Stored dataset items:

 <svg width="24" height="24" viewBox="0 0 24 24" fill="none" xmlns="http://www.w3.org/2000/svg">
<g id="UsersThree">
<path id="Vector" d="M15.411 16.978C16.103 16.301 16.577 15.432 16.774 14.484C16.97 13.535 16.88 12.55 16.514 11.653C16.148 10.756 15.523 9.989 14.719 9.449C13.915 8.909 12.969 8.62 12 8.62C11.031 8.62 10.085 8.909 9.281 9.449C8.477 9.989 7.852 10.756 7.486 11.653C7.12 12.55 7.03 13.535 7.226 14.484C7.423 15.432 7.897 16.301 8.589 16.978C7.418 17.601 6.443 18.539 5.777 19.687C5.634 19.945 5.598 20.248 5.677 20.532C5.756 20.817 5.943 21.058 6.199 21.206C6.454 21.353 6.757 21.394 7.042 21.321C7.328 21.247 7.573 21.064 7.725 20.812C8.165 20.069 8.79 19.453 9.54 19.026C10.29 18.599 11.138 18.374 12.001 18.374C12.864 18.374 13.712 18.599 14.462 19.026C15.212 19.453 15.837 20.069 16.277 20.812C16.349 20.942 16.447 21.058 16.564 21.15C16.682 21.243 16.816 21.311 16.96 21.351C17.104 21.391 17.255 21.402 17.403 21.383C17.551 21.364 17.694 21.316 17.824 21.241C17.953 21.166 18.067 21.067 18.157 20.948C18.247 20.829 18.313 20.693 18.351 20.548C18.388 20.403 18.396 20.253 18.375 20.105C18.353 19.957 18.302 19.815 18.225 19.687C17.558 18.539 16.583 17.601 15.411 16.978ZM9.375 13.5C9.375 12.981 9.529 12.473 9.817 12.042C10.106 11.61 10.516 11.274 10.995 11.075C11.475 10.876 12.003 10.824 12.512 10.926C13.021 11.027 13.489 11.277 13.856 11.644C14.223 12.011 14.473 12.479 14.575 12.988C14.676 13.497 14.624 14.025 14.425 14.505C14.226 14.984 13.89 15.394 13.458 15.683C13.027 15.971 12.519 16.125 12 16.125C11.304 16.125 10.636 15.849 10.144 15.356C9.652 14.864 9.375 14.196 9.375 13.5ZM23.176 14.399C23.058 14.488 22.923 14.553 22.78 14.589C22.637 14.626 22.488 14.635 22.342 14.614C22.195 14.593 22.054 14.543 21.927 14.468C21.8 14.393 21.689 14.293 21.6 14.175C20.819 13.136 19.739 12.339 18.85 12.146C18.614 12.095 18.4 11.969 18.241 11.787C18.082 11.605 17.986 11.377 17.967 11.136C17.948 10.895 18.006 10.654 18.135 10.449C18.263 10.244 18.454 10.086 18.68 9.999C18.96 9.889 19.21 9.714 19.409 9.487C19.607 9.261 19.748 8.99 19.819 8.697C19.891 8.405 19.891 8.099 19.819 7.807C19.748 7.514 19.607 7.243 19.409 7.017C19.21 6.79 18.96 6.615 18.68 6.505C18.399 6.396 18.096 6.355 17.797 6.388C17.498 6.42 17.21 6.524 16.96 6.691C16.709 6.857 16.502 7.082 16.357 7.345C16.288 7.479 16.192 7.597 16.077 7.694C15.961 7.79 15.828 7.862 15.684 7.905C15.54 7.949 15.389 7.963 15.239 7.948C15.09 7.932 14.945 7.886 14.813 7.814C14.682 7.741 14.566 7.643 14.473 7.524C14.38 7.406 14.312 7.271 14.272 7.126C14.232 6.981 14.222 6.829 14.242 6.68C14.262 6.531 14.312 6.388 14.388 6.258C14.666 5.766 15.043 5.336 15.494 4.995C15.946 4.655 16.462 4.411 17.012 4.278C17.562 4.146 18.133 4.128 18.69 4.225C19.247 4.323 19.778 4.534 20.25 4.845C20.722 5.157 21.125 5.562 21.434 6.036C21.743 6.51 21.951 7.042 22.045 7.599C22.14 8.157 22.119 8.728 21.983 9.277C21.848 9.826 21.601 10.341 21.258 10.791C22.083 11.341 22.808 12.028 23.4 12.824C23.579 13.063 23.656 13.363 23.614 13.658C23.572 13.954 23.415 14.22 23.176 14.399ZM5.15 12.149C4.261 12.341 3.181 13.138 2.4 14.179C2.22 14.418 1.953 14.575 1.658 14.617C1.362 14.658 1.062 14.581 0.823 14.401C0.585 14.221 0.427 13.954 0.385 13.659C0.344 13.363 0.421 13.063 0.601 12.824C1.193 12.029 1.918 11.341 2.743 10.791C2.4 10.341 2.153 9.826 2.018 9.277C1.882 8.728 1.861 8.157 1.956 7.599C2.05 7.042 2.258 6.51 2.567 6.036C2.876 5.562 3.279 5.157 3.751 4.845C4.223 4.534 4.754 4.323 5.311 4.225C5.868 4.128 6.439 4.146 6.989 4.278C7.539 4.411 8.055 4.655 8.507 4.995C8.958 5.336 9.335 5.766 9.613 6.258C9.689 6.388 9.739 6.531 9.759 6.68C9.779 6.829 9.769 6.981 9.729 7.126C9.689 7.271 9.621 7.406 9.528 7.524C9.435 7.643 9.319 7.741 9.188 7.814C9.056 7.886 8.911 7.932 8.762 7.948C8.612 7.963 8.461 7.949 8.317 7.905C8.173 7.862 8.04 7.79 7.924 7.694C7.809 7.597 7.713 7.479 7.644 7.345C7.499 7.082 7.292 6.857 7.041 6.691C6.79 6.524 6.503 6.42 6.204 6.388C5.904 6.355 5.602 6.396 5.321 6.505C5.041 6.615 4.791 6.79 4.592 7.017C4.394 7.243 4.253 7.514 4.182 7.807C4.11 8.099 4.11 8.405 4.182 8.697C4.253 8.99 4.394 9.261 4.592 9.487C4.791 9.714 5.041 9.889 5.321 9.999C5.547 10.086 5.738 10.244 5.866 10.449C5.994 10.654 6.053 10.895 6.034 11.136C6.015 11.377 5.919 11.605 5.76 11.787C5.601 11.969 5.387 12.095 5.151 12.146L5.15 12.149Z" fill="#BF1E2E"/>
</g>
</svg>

INSTRUCTIONS FOR THE TASK:
Copy out all of the records shown above exactly.

RESPONSE AREA:
 <svg width="24" height="24" viewBox="0 0 24 24" fill="none" xmlns="http://www.w3.org/2000/svg">
<g id="UsersThree">
<path id="Vector" d="M15.411 16.978C16.103 16.301 16.577 15.432 16.774 14.484C16.97 13.535 16.88 12.55 16.514 11.653C16.148 10.756 15.523 9.989 14.719 9.449C13.915 8.909 12.969 8.62 12 8.62C11.031 8.62 10.085 8.909 9.281 9.449C8.477 9.989 7.852 10.756 7.486 11.653C7.12 12.55 7.03 13.535 7.226 14.484C7.423 15.432 7.897 16.301 8.589 16.978C7.418 17.601 6.443 18.539 5.777 19.687C5.634 19.945 5.598 20.248 5.677 20.532C5.756 20.817 5.943 21.058 6.199 21.206C6.454 21.353 6.757 21.394 7.042 21.321C7.328 21.247 7.573 21.064 7.725 20.812C8.165 20.069 8.79 19.453 9.54 19.026C10.29 18.599 11.138 18.374 12.001 18.374C12.864 18.374 13.712 18.599 14.462 19.026C15.212 19.453 15.837 20.069 16.277 20.812C16.349 20.942 16.447 21.058 16.564 21.15C16.682 21.243 16.816 21.311 16.96 21.351C17.104 21.391 17.255 21.402 17.403 21.383C17.551 21.364 17.694 21.316 17.824 21.241C17.953 21.166 18.067 21.067 18.157 20.948C18.247 20.829 18.313 20.693 18.351 20.548C18.388 20.403 18.396 20.253 18.375 20.105C18.353 19.957 18.302 19.815 18.225 19.687C17.558 18.539 16.583 17.601 15.411 16.978ZM9.375 13.5C9.375 12.981 9.529 12.473 9.817 12.042C10.106 11.61 10.516 11.274 10.995 11.075C11.475 10.876 12.003 10.824 12.512 10.926C13.021 11.027 13.489 11.277 13.856 11.644C14.223 12.011 14.473 12.479 14.575 12.988C14.676 13.497 14.624 14.025 14.425 14.505C14.226 14.984 13.89 15.394 13.458 15.683C13.027 15.971 12.519 16.125 12 16.125C11.304 16.125 10.636 15.849 10.144 15.356C9.652 14.864 9.375 14.196 9.375 13.5ZM23.176 14.399C23.058 14.488 22.923 14.553 22.78 14.589C22.637 14.626 22.488 14.635 22.342 14.614C22.195 14.593 22.054 14.543 21.927 14.468C21.8 14.393 21.689 14.293 21.6 14.175C20.819 13.136 19.739 12.339 18.85 12.146C18.614 12.095 18.4 11.969 18.241 11.787C18.082 11.605 17.986 11.377 17.967 11.136C17.948 10.895 18.006 10.654 18.135 10.449C18.263 10.244 18.454 10.086 18.68 9.999C18.96 9.889 19.21 9.714 19.409 9.487C19.607 9.261 19.748 8.99 19.819 8.697C19.891 8.405 19.891 8.099 19.819 7.807C19.748 7.514 19.607 7.243 19.409 7.017C19.21 6.79 18.96 6.615 18.68 6.505C18.399 6.396 18.096 6.355 17.797 6.388C17.498 6.42 17.21 6.524 16.96 6.691C16.709 6.857 16.502 7.082 16.357 7.345C16.288 7.479 16.192 7.597 16.077 7.694C15.961 7.79 15.828 7.862 15.684 7.905C15.54 7.949 15.389 7.963 15.239 7.948C15.09 7.932 14.945 7.886 14.813 7.814C14.682 7.741 14.566 7.643 14.473 7.524C14.38 7.406 14.312 7.271 14.272 7.126C14.232 6.981 14.222 6.829 14.242 6.68C14.262 6.531 14.312 6.388 14.388 6.258C14.666 5.766 15.043 5.336 15.494 4.995C15.946 4.655 16.462 4.411 17.012 4.278C17.562 4.146 18.133 4.128 18.69 4.225C19.247 4.323 19.778 4.534 20.25 4.845C20.722 5.157 21.125 5.562 21.434 6.036C21.743 6.51 21.951 7.042 22.045 7.599C22.14 8.157 22.119 8.728 21.983 9.277C21.848 9.826 21.601 10.341 21.258 10.791C22.083 11.341 22.808 12.028 23.4 12.824C23.579 13.063 23.656 13.363 23.614 13.658C23.572 13.954 23.415 14.22 23.176 14.399ZM5.15 12.149C4.261 12.341 3.181 13.138 2.4 14.179C2.22 14.418 1.953 14.575 1.658 14.617C1.362 14.658 1.062 14.581 0.823 14.401C0.585 14.221 0.427 13.954 0.385 13.659C0.344 13.363 0.421 13.063 0.601 12.824C1.193 12.029 1.918 11.341 2.743 10.791C2.4 10.341 2.153 9.826 2.018 9.277C1.882 8.728 1.861 8.157 1.956 7.599C2.05 7.042 2.258 6.51 2.567 6.036C2.876 5.562 3.279 5.157 3.751 4.845C4.223 4.534 4.754 4.323 5.311 4.225C5.868 4.128 6.439 4.146 6.989 4.278C7.539 4.411 8.055 4.655 8.507 4.995C8.958 5.336 9.335 5.766 9.613 6.258C9.689 6.388 9.739 6.531 9.759 6.68C9.779 6.829 9.769 6.981 9.729 7.126C9.689 7.271 9.621 7.406 9.528 7.524C9.435 7.643 9.319 7.741 9.188 7.814C9.056 7.886 8.911 7.932 8.762 7.948C8.612 7.963 8.461 7.949 8.317 7.905C8.173 7.862 8.04 7.79 7.924 7.694C7.809 7.597 7.713 7.479 7.644 7.345C7.499 7.082 7.292 6.857 7.041 6.691C6.79 6.524 6.503 6.42 6.204 6.388C5.904 6.355 5.602 6.396 5.321 6.505C5.041 6.615 4.791 6.79 4.592 7.017C4.394 7.243 4.253 7.514 4.182 7.807C4.11 8.099 4.11 8.405 4.182 8.697C4.253 8.99 4.394 9.261 4.592 9.487C4.791 9.714 5.041 9.889 5.321 9.999C5.547 10.086 5.738 10.244 5.866 10.449C5.994 10.654 6.053 10.895 6.034 11.136C6.015 11.377 5.919 11.605 5.76 11.787C5.601 11.969 5.387 12.095 5.151 12.146L5.15 12.149Z" fill="#BF1E2E"/>
</g>
</svg>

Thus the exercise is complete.